Our results are further supported by studies demonstrating that cells expressing ERα and ERβ target the protein to both membrane and nuclear fractions.32 While our RT-PCR results suggest the presence of only ERα transcripts in granulocytes, we do not know if these are the receptors that mediate NO release in response to 17β-estradiol. While recent studies have identified several variant ER transcripts,73 Chen et al31 have shown that expression of ERα and ecNOS in COS cells can reconstitute the acute response of NOS to 17β-estradiol. (The COS-7 fibroblast-like cell line is SV40 transformed and established from a kidney cell line, CVI, of the African green monkey.) This shows that ERα alone can mediate this effect.

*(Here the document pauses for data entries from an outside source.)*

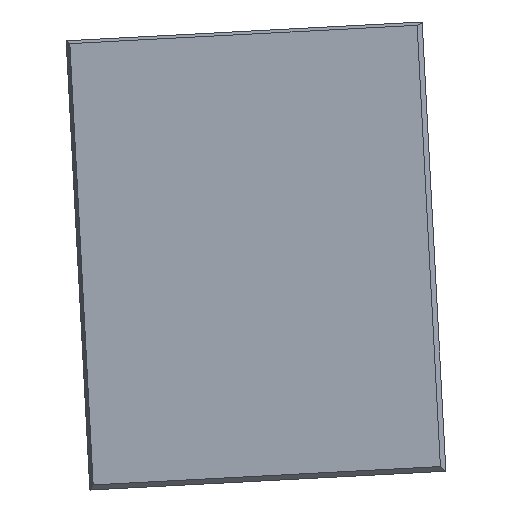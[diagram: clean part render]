
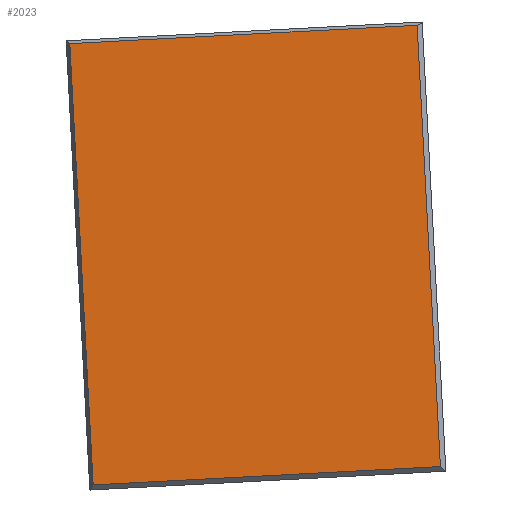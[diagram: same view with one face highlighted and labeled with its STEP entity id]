
A CAD part, left-side view. The second image highlights one B-rep face of the part: STEP entity #2023.
In plain terms, the highlighted planar face has unit normal (-1, 0, 0).
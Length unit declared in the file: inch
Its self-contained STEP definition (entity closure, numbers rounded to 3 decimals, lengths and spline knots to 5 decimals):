
#212 = VECTOR ( 'NONE', #3111, 39.37008 ) ;
#1227 = ORIENTED_EDGE ( 'NONE', *, *, #11019, .T. ) ;
#1543 = CARTESIAN_POINT ( 'NONE',  ( -0.78894, -0.32391, 3.02666 ) ) ;
#2023 = ADVANCED_FACE ( 'NONE', ( #4766 ), #9812, .T. ) ;
#2918 = DIRECTION ( 'NONE',  ( -1., 0., 0. ) ) ;
#3111 = DIRECTION ( 'NONE',  ( 0., 0.053, 0.999 ) ) ;
#3239 = CARTESIAN_POINT ( 'NONE',  ( -0.78894, 0.2791, 2.15065 ) ) ;
#3398 = EDGE_CURVE ( 'NONE', #12533, #5696, #14215, .T. ) ;
#4322 = DIRECTION ( 'NONE',  ( 0., 0.053, 0.999 ) ) ;
#4766 = FACE_OUTER_BOUND ( 'NONE', #13514, .T. ) ;
#5020 = CARTESIAN_POINT ( 'NONE',  ( -0.78894, 0.38708, 3.81366 ) ) ;
#5696 = VERTEX_POINT ( 'NONE', #13194 ) ;
#5980 = VECTOR ( 'NONE', #14493, 39.37008 ) ;
#7083 = ORIENTED_EDGE ( 'NONE', *, *, #12212, .T. ) ;
#7605 = CARTESIAN_POINT ( 'NONE',  ( -0.78894, -0.36705, 2.2098 ) ) ;
#8552 = VECTOR ( 'NONE', #13142, 39.37008 ) ;
#9037 = CARTESIAN_POINT ( 'NONE',  ( -0.78894, -1.00965, 2.24373 ) ) ;
#9144 = AXIS2_PLACEMENT_3D ( 'NONE', #1543, #2918, #4322 ) ;
#9812 = PLANE ( 'NONE',  #9144 ) ;
#9950 = CARTESIAN_POINT ( 'NONE',  ( -0.78894, -0.96652, 3.0606 ) ) ;
#10467 = ORIENTED_EDGE ( 'NONE', *, *, #3398, .T. ) ;
#11019 = EDGE_CURVE ( 'NONE', #11445, #12533, #13200, .T. ) ;
#11338 = VERTEX_POINT ( 'NONE', #9037 ) ;
#11445 = VERTEX_POINT ( 'NONE', #16343 ) ;
#11480 = LINE ( 'NONE', #9950, #212 ) ;
#11888 = DIRECTION ( 'NONE',  ( 0., 0.999, -0.053 ) ) ;
#11910 = VECTOR ( 'NONE', #11888, 39.37008 ) ;
#12168 = ORIENTED_EDGE ( 'NONE', *, *, #16676, .T. ) ;
#12212 = EDGE_CURVE ( 'NONE', #11338, #11445, #11480, .T. ) ;
#12244 = LINE ( 'NONE', #7605, #8552 ) ;
#12533 = VERTEX_POINT ( 'NONE', #17717 ) ;
#13142 = DIRECTION ( 'NONE',  ( 0., -0.999, 0.053 ) ) ;
#13194 = CARTESIAN_POINT ( 'NONE',  ( -0.78894, 0.28042, 2.17561 ) ) ;
#13200 = LINE ( 'NONE', #5020, #11910 ) ;
#13514 = EDGE_LOOP ( 'NONE', ( #10467, #12168, #7083, #1227 ) ) ;
#14215 = LINE ( 'NONE', #3239, #5980 ) ;
#14493 = DIRECTION ( 'NONE',  ( 0., -0.053, -0.999 ) ) ;
#16343 = CARTESIAN_POINT ( 'NONE',  ( -0.78894, -0.9231, 3.88284 ) ) ;
#16676 = EDGE_CURVE ( 'NONE', #5696, #11338, #12244, .T. ) ;
#17717 = CARTESIAN_POINT ( 'NONE',  ( -0.78894, 0.36697, 3.81472 ) ) ;

Finally, our results are supported by other functional studies that demonstrate a rapid-acting vasodilatory role for estrogen-mediated NO release59 and the potential74 to diminish granulocyte and monocyte adherence.68 The significance of these processes may correlate with the beneficial activities reported for estrogen in vascular tissues and those pathologies associated with immunocyte activation such as atherosclerosis.75 Indeed, the vascular protection afforded premenopausal women may well be due to estrogen's capacity to down-regulate leukocyte and endothelial excitation and thus interaction. These findings promise to open new areas of investigation to better understand the mechanisms by which estrogen and the drugs that inhibit its action mediate their clinical effects. These studies further demonstrate the significance of granulocytes and monocytes in their potential to affect other tissues via common signaling molecules.